The previous post had two big themes. The thought process of asking questions to define the events in a clear and detailed form was one. Introducing the basic metrics and the events that would allowed them was the other.
This post expands those two themes. The objective is to introduce concepts that will be used later to define reporting tables and dashboards and add more information to our two events.
Tidy data: observations of dimensions and measures
Tidy data is a simple concept. Think of a table or spreadsheet where each row is one and only one observation, for instance, on a purchases table, each row represents one purchase using the purchase event defined in the previous post.
Each row has a user ID, a date and a product ID. These are the dimensions. Think of dimensions as non numeric variables that you can filter or group by.
Each row has also a numeric variable representing the revenue of that purchase. This is a measure.
If you want more detail on types of data, check the Data 101 post.
A dataset like this, where each row represents one observation and columns represent variables, either dimensions or measures is tidy data dataset.
Dates as dimensions
Dates play a very important role on game analytics. Many reports take the form of daily time series or bar charts binned by month. There are two fundamental dates. The first is the activity date, that is, that date in which the event took place. The second is the acquisition date, or the date in which the player that triggered the event was acquired. The difference in days between these two dates is the retention day. As an example for a player acquired on January 1st 2015, retention day 1 is January 2nd and retention day 9 is January 10th of the same year.
If you read Retention 101 and other posts on retention, you have seen mentions to these three variables. In practice these three when used as dimensions create two different types of datasets.
Datasets dimensioned by activity dates deal with measures that vary on absolute dates for all the players of that date. For instance you can see the revenue of 2015-01-01, 2015-01-02, etc. These are the datasets that include KPIs like Daily Active Users, Daily Revenue, etc. I call these metrics datasets.
Datasets that are dimensioned by acquisition date and/or retention day deal with values that vary on dates relative to that acquisition date being the most well known metric the retention rate. Other metrics have been mentioned in other posts appear in these datasets like Cumulative ARPU. I call these cohort datasets.
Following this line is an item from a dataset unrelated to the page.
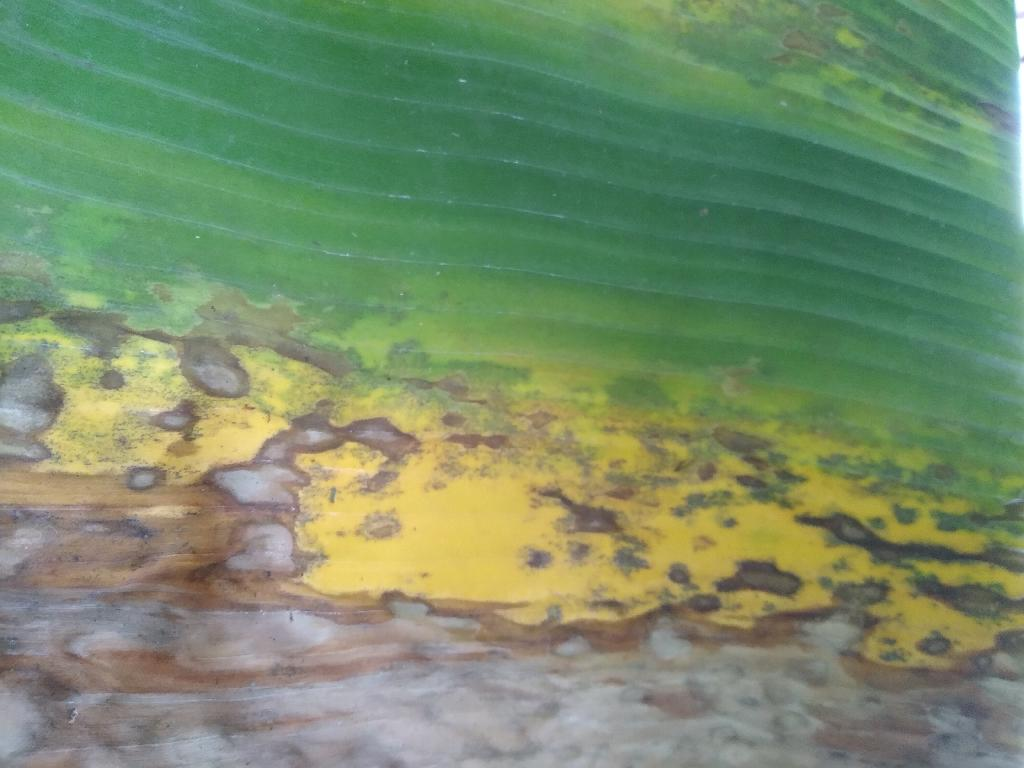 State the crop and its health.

You can soft launch a game only with the two events and capture the seven metrics to have a good starting point to evaluate the performance of your game and starting making new questions. Going beyond the basic implementation starts with adding more dimensions.
By default we use two on soft launch: country and platform. Both are present in any analytics services and both should be straightforward to implement in your own in-house solution. Country and platform are relevant because different countries and different platforms render very different player behaviour.
From the two events you can calculate many measures. Instead of adding the ones missing I’ll list all the measures that I know of that are trackable by the two events. Some of them are vanity metrics that make computation easier, especially if you use a visualisation or BI tool. Others are relevant for cohort analysis or any ad-hoc analysis that you may want to perform.
Each row represents one activity date for each unique combination of dimensions.
- DAU: count of distinct session user IDs
- Payers: count of distinct purchase user IDs
- Revenue: sum of purchase revenue
- ARPDAU: Revenue/DAU
- ARPPU: Revenue/Payers
- Conversion Rate: Payers/DAU
- Purchases: count of purchase events
- Purchases per Payer: Purchases/Payers
- Sessions: count of session events
- Sessions per Player: Sessions/DAU
Each row represents one acquisition date and one retention day for each unique combination of dimensions. We can use all measures from the metrics datasets but for the sake of simplicity I only kept the ones that are used in cohort dashboards.
Consider that all variables labeled as Cumulative represent all the sums and counts until that retention day since the acquisition date.
- Cohort Size: count of distinct session user IDs on retention day 0
- Cumulative Revenue: sum of purchase revenue
- Cumulative Payers: count of distinct purchase user IDs
- Cumulative ARPU: Cumulative Revenue/Cohort Size
- Cumulative ARPPU: Cumulative Revenue/Cumulative Payers
- Conversion Rate: Cumulative Payers/Cohort Size
- Cumulative Purchases: count of purchase events
- Purchases per Payer: Cumulative Purchases/Cumulative Payers
- Retention Rate: DAU/Cohort Size
You can build reporting tables with what was defined in this post. In a way it serves as an introduction to it. If you build tables with these datasets definition you can create dashboards that would allow you to follow your game’s performance.